The required output is the line that contains "Q: Is the typeface" through the last line of the data, retyped verbatim and with nothing added.

Stored items:

^^^^^^^^

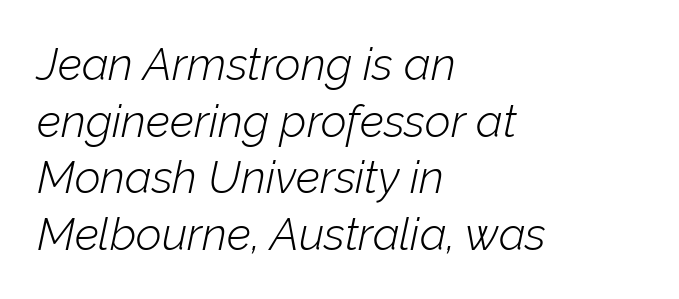
The passage shown is typed in a proportional face where columns would drift. The words here are not underlined. Notice how the passage keeps a crisp vertical edge on the left only. It's the slanting kind of type. Think standard paragraph weight, or any step lighter than that.
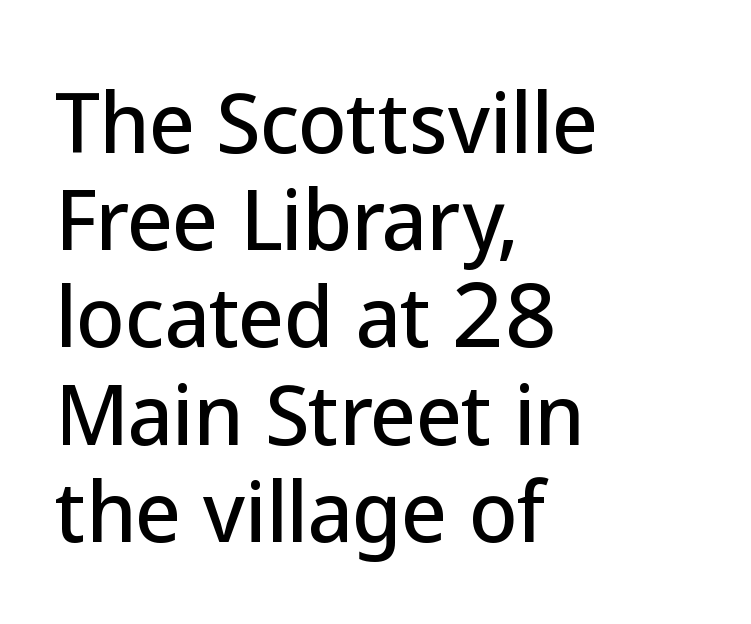
Is this a fixed-width face? No — the glyphs have proportional, varying widths. Rule under the text: the space is simply empty. No extra tracking has been applied to these lines. Designer's note — italics off, roman on. The lines in this sample share a left origin and differ only in where they stop. The face used here is a sans, in the tradition of grotesques and geometrics.
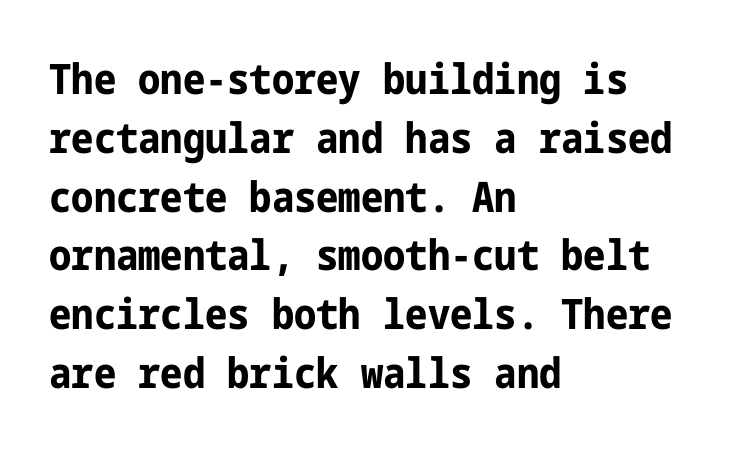
{"serif": "no", "italic": "no", "bold": "yes", "weight": "bold", "width": "condensed", "stroke_contrast": "low", "x_height": "medium", "underline": "no", "align": "left", "line_spacing": "normal", "line_spacing_ratio": 1.4, "letter_spacing": "normal", "letter_spacing_em": 0.0, "glyph_px": 42}
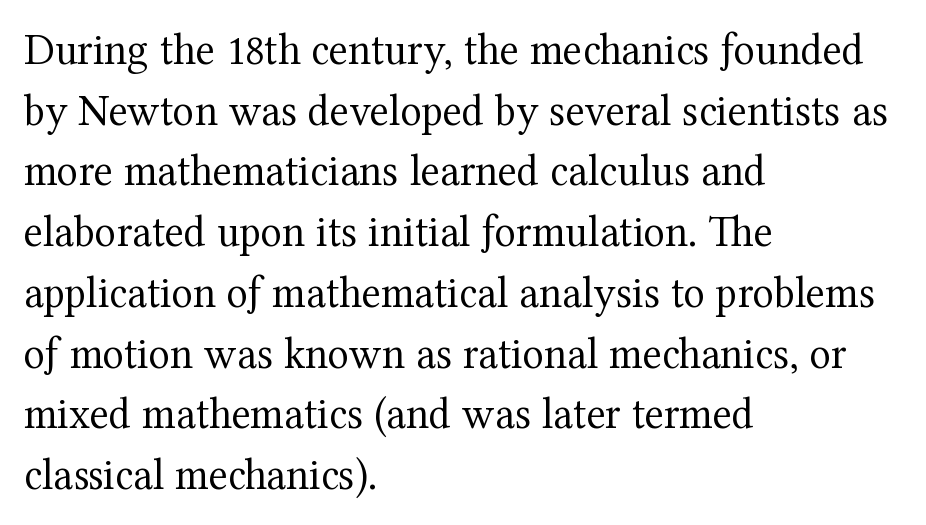
Q: Is the text bold? A: No.
Q: Is the text italic (slanted)? A: No, it is upright.
Q: Is the typeface a serif or a sans-serif typeface? A: Serif.
Q: Is the text underlined? A: No.
Q: How is the paragraph aligned? A: Left-aligned.
Q: Is the spacing between letters normal or unusually wide? A: Normal.
Q: Is the spacing between lines tight, normal or loose? A: Normal.
Q: Width (condensed, normal, or wide)? A: Normal.
Q: Stroke contrast? A: Medium.
Q: x-height? A: Medium.
Q: Monospaced? A: No.

^^^^^^^^

### TASK RESULT:
Q: Is the typeface a serif or a sans-serif typeface? A: Serif.
Q: Is the text underlined? A: No.
Q: How is the paragraph aligned? A: Left-aligned.
Q: Is the spacing between letters normal or unusually wide? A: Normal.
Q: Is the spacing between lines tight, normal or loose? A: Normal.
Q: Width (condensed, normal, or wide)? A: Normal.
Q: Stroke contrast? A: Medium.
Q: x-height? A: Medium.
Q: Monospaced? A: No.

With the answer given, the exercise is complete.